- SOURCE MATERIAL:
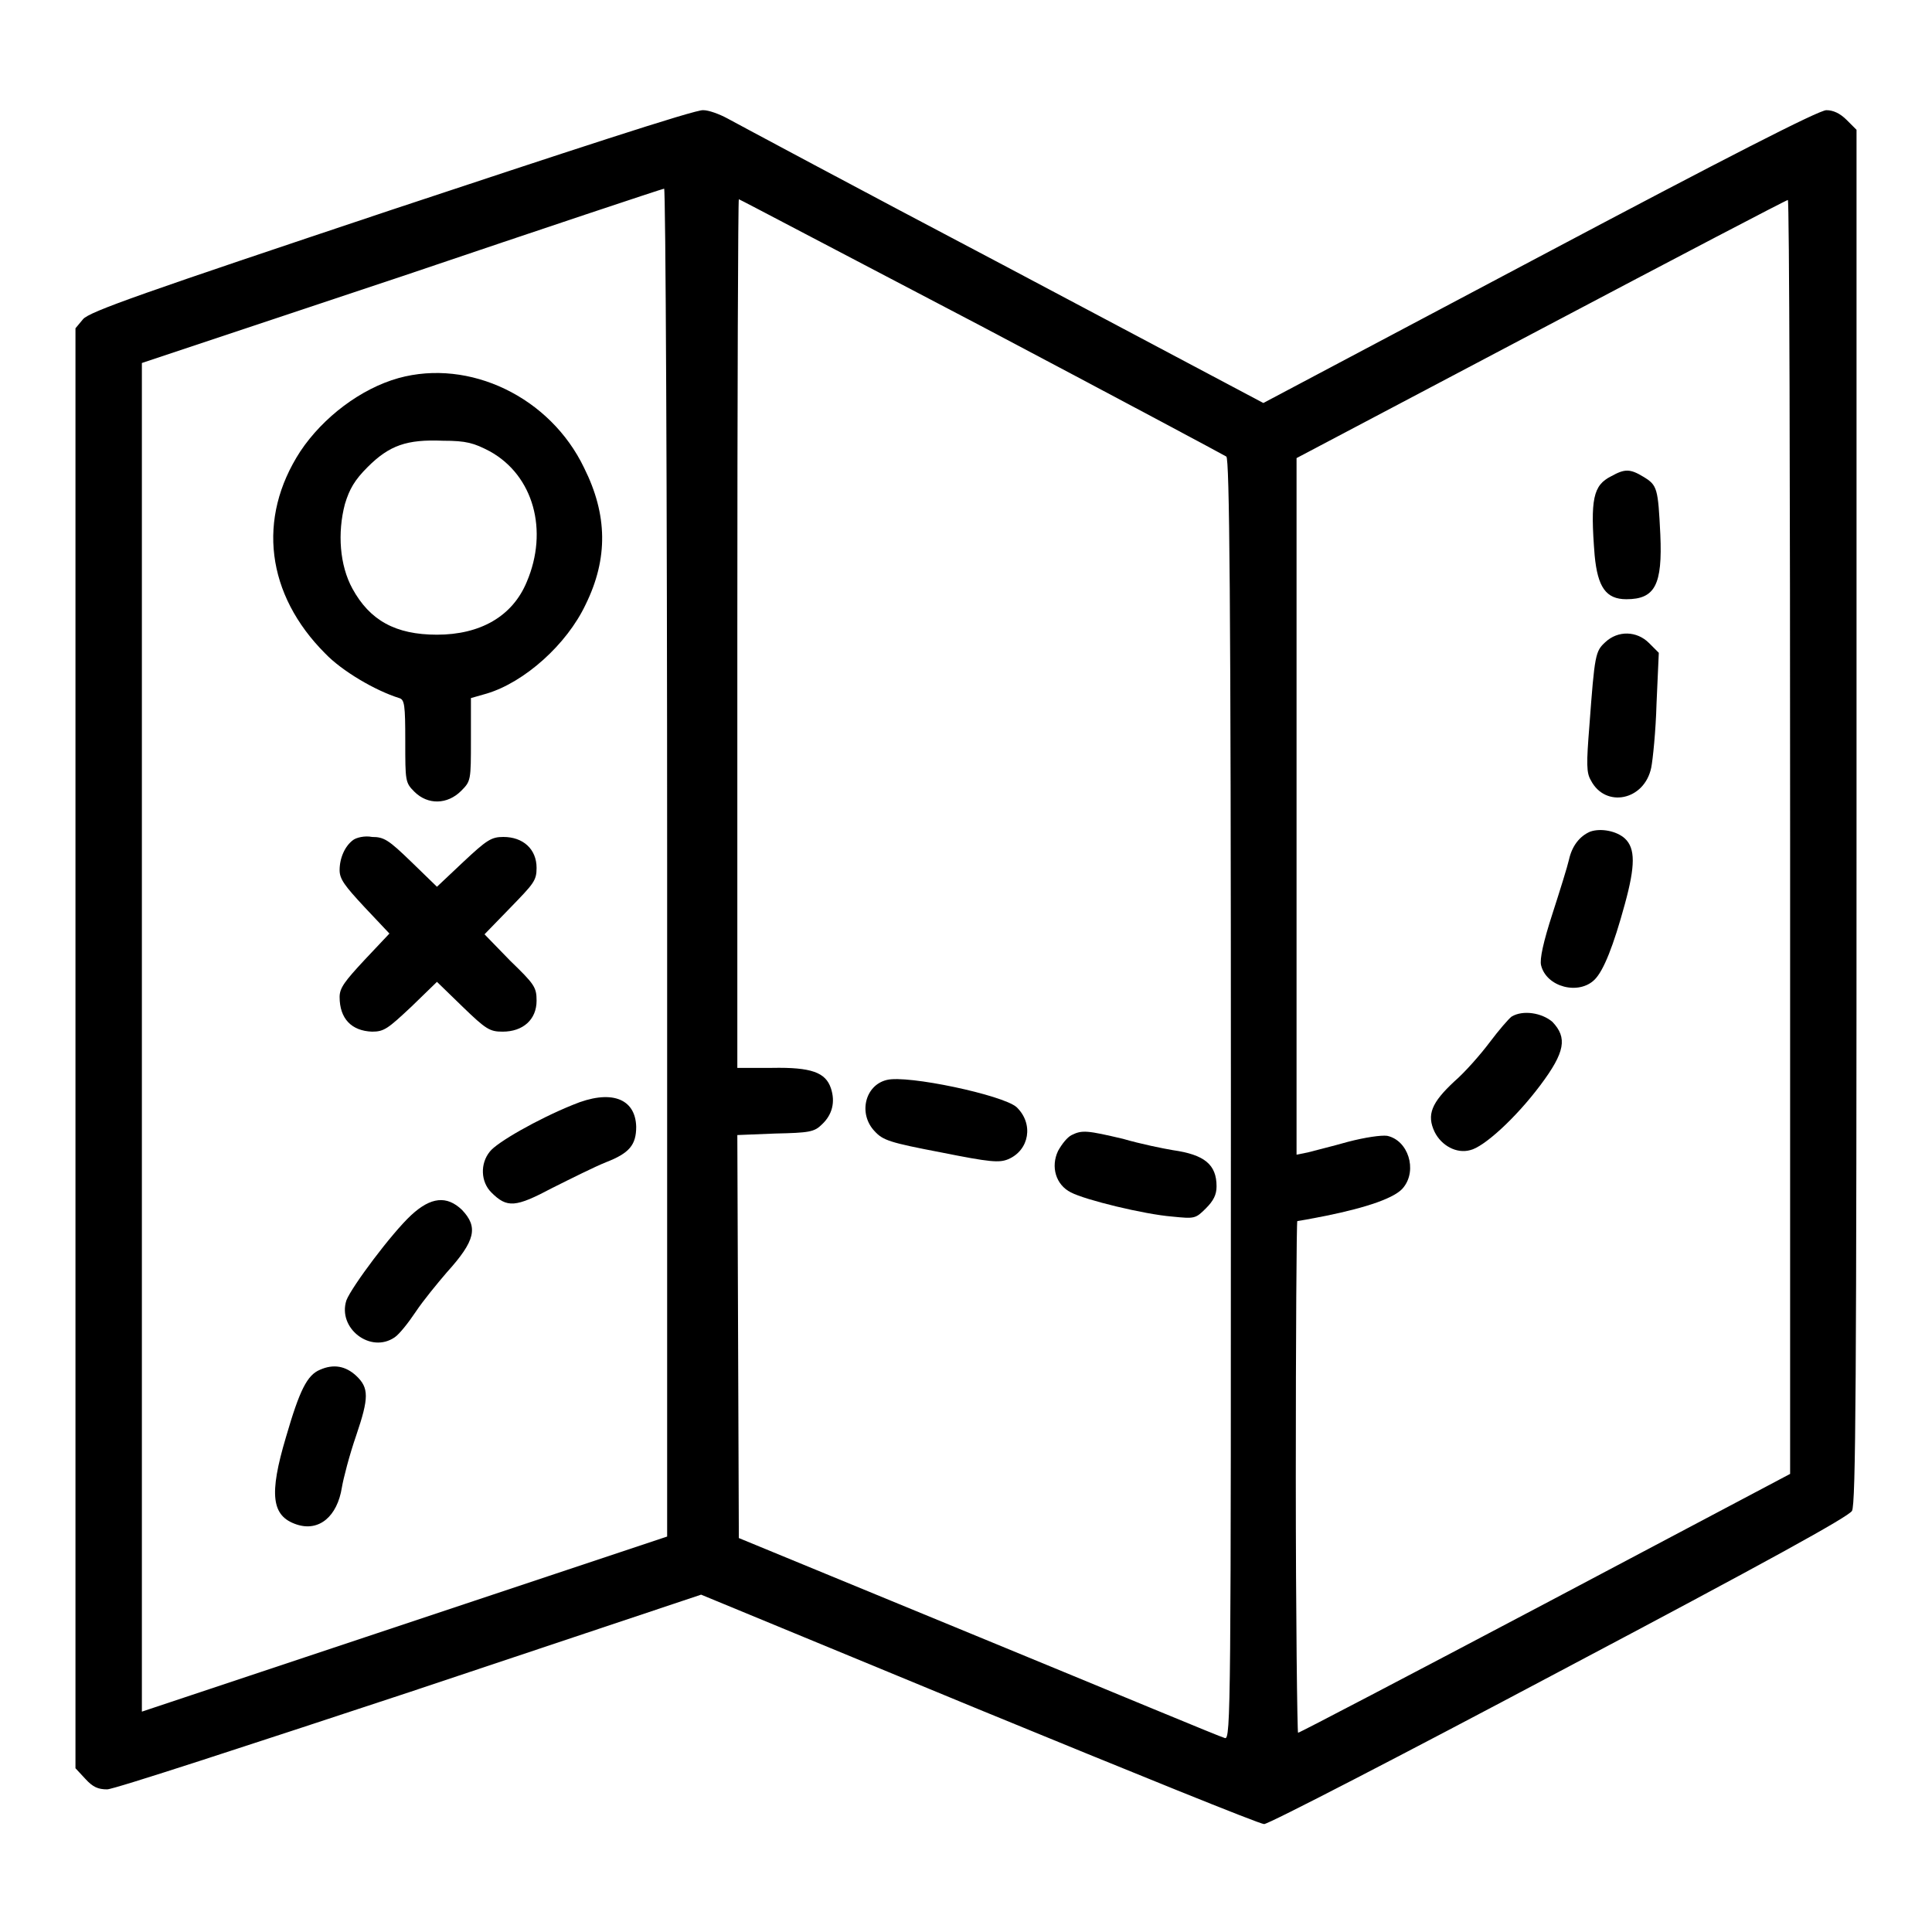 <?xml version="1.0" encoding="utf-8"?>
<!-- Svg Vector Icons : http://www.onlinewebfonts.com/icon -->
<!DOCTYPE svg PUBLIC "-//W3C//DTD SVG 1.1//EN" "http://www.w3.org/Graphics/SVG/1.1/DTD/svg11.dtd">
<svg version="1.1" xmlns="http://www.w3.org/2000/svg" xmlns:xlink="http://www.w3.org/1999/xlink" x="0px" y="0px" viewBox="0 0 256 256" enable-background="new 0 0 256 256" xml:space="preserve">
<g><g><g><path fill="#000000" d="M51.9,27.8c-32.9,11-40.1,13.5-40.9,14.5L10,43.5v95.4v95.4l1.3,1.4c1,1.1,1.7,1.4,2.9,1.4c0.9,0,18.9-5.9,40.1-12.9l38.6-12.9l36.8,15.2c20.2,8.3,37.2,15.2,37.8,15.2c0.6,0,18.2-9.1,39.1-20.2c27.6-14.6,38.3-20.5,38.8-21.3c0.5-0.9,0.6-16.7,0.6-92v-91l-1.3-1.3c-0.9-0.9-1.8-1.3-2.7-1.3c-1,0-13.3,6.3-38,19.4l-36.6,19.4l-34.5-18.3c-19-10-35.4-18.8-36.5-19.4s-2.5-1.1-3.2-1.1C92.4,14.4,73.9,20.5,51.9,27.8z M88.4,114.3v89.3l-34.8,11.6l-34.8,11.6v-89.3V48.1l34.5-11.5C72.2,30.2,87.8,25,88,25C88.2,25,88.4,65.2,88.4,114.3z M130,43.2c17.6,9.3,32.2,17.1,32.5,17.3c0.4,0.4,0.6,18,0.6,85.3c0,80.5,0,84.8-0.8,84.5c-0.5-0.1-15.1-6.2-32.6-13.4l-31.8-13.1l-0.1-26.7l-0.1-26.7l5-0.2c4.5-0.1,5.2-0.2,6.2-1.2c1.4-1.3,1.8-3,1.2-4.8c-0.7-2.1-2.6-2.8-7.8-2.7l-4.6,0V84c0-31.7,0.1-57.6,0.2-57.6S112.4,34,130,43.2z M237.2,110.8v84.5l-32.5,17.2c-17.8,9.4-32.5,17.1-32.7,17.1c-0.1,0-0.3-15.3-0.3-33.9s0.1-33.9,0.2-33.9c0.1,0,1.8-0.3,3.8-0.7c5.4-1.1,9.3-2.4,10.3-3.8c1.8-2.3,0.6-6.2-2.2-6.8c-0.8-0.1-2.9,0.2-5.2,0.8c-2.1,0.6-4.6,1.2-5.3,1.4l-1.5,0.3v-46.2V60.7l32.4-17.1c17.8-9.4,32.5-17.1,32.7-17.1C237.1,26.4,237.2,64.4,237.2,110.8z"/><path fill="#000000" d="M52.8,50.1c-5,1.4-10,5.2-13,9.7c-5.8,8.9-4.5,19,3.3,26.8c2.2,2.3,6.6,4.9,9.8,5.9c0.7,0.2,0.8,0.9,0.8,5.7c0,5.3,0,5.5,1.2,6.7c1.8,1.8,4.4,1.7,6.2-0.1c1.3-1.3,1.3-1.4,1.3-6.8v-5.5l2.1-0.6c5-1.5,10.6-6.5,13.1-11.8c3-6.1,2.9-11.9-0.2-18.1C72.9,52.6,62.2,47.5,52.8,50.1z M64.9,59.8c5.8,3.2,7.8,10.5,4.9,17.3c-1.9,4.6-6.2,7-11.9,7c-5.5,0-8.9-1.9-11.2-6.1c-1.7-3.1-2-7.4-1-11.2c0.6-2,1.3-3.2,3-4.9c2.9-2.9,5.2-3.7,10-3.5C61.8,58.4,62.8,58.7,64.9,59.8z"/><path fill="#000000" d="M46.8,111.3c-1.1,0.8-1.8,2.4-1.8,4c0,1.2,0.7,2.1,3.3,4.9l3.3,3.5l-3.3,3.5c-2.6,2.8-3.3,3.7-3.3,4.9c0,2.9,1.6,4.5,4.3,4.6c1.6,0,2.1-0.4,5.2-3.3l3.4-3.3l3.4,3.3c3.1,3,3.6,3.3,5.3,3.3c2.7,0,4.5-1.6,4.5-4.1c0-1.8-0.3-2.2-3.5-5.3l-3.4-3.5l3.4-3.5c3.1-3.2,3.5-3.6,3.5-5.3c0-2.5-1.8-4.1-4.4-4.1c-1.6,0-2.2,0.4-5.3,3.3l-3.5,3.3l-3.4-3.3c-3-2.9-3.6-3.3-5.2-3.3C48.3,110.7,47.2,111,46.8,111.3z"/><path fill="#000000" d="M75.9,146.4c-4.7,1.9-10.1,5-11,6.2c-1.3,1.6-1.2,4,0.2,5.4c2.1,2.1,3.2,2,8.1-0.6c2.4-1.2,5.6-2.8,7.1-3.4c3.1-1.2,4-2.3,4-4.7C84.2,145.5,80.9,144.3,75.9,146.4z"/><path fill="#000000" d="M54.5,161c-2.6,2.4-7.9,9.5-8.6,11.3c-1.2,3.7,3.2,7.1,6.4,4.9c0.6-0.4,1.8-1.9,2.8-3.4c1-1.5,2.9-3.8,4.1-5.2c3.8-4.2,4.2-6,2-8.3C59.2,158.4,57.1,158.6,54.5,161z"/><path fill="#000000" d="M42.4,181.5c-1.7,0.7-2.7,2.7-4.5,8.9c-2.3,7.7-1.9,10.5,1.4,11.6c3,1,5.4-1.1,6-4.9c0.2-1.2,1-4.3,1.9-6.9c1.7-5,1.7-6.3,0-7.9C45.8,181,44.2,180.7,42.4,181.5z"/><path fill="#000000" d="M117.5,143.1c-2.9,0.7-3.8,4.5-1.6,6.8c1.1,1.2,2,1.5,8.8,2.8c6.5,1.3,7.7,1.4,8.9,0.9c2.8-1.2,3.4-4.7,1.1-6.9C132.9,145.1,120.2,142.4,117.5,143.1z"/><path fill="#000000" d="M142,150.4c-0.6,0.3-1.3,1.2-1.8,2.1c-1,2.1-0.3,4.5,1.7,5.5c1.9,1,9.7,2.9,13.4,3.2c3,0.3,3.1,0.3,4.5-1.1c1-1,1.4-1.8,1.4-2.9c0-2.9-1.6-4.2-5.8-4.8c-1.2-0.2-4.2-0.8-6.6-1.5C144.1,149.8,143.4,149.7,142,150.4z"/><path fill="#000000" d="M213.5,63.1c-2.4,1.2-2.8,3-2.2,10.5c0.4,4.2,1.5,5.8,4.2,5.8c3.8,0,4.8-1.9,4.5-8.6c-0.3-6.1-0.4-6.5-2.2-7.6C216,62.1,215.3,62.1,213.5,63.1z"/><path fill="#000000" d="M212.7,85.1c-1.3,1.2-1.4,1.6-2.1,11.1c-0.4,5-0.4,6.2,0.2,7.2c1.9,3.7,7.1,2.7,8-1.7c0.2-1,0.6-4.8,0.7-8.5l0.3-6.7l-1.3-1.3C216.9,83.6,214.4,83.5,212.7,85.1z"/><path fill="#000000" d="M210.7,110.2c-1.4,0.6-2.4,1.9-2.8,3.7c-0.2,0.9-1.2,4.1-2.2,7.2c-1.2,3.7-1.7,6-1.5,6.8c0.7,2.9,5,4,7.1,1.9c1.2-1.2,2.5-4.5,4-10c1.4-5.1,1.4-7.4,0-8.7C214.2,110.1,212.1,109.7,210.7,110.2z"/><path fill="#000000" d="M200.3,134.7c-0.4,0.3-1.7,1.8-2.9,3.4c-1.2,1.6-3.3,4-4.7,5.2c-3,2.8-3.7,4.4-2.6,6.7c0.9,1.8,2.9,2.9,4.7,2.4c1.8-0.4,6-4.2,9.3-8.6c3.3-4.4,3.6-6.3,1.6-8.4C204.3,134.2,201.8,133.8,200.3,134.7z"/></g></g></g>
</svg>

- TASK TO CARRY OUT: Output the data above exactly, beginning at its first line and ending with the line that holds "<!DOCTYPE svg PUBLIC". Leave out the pictures and add nothing.

- EXERCISE RESULT:
 <?xml version="1.0" encoding="utf-8"?>
<!-- Svg Vector Icons : http://www.onlinewebfonts.com/icon -->
<!DOCTYPE svg PUBLIC "-//W3C//DTD SVG 1.1//EN" "http://www.w3.org/Graphics/SVG/1.1/DTD/svg11.dtd">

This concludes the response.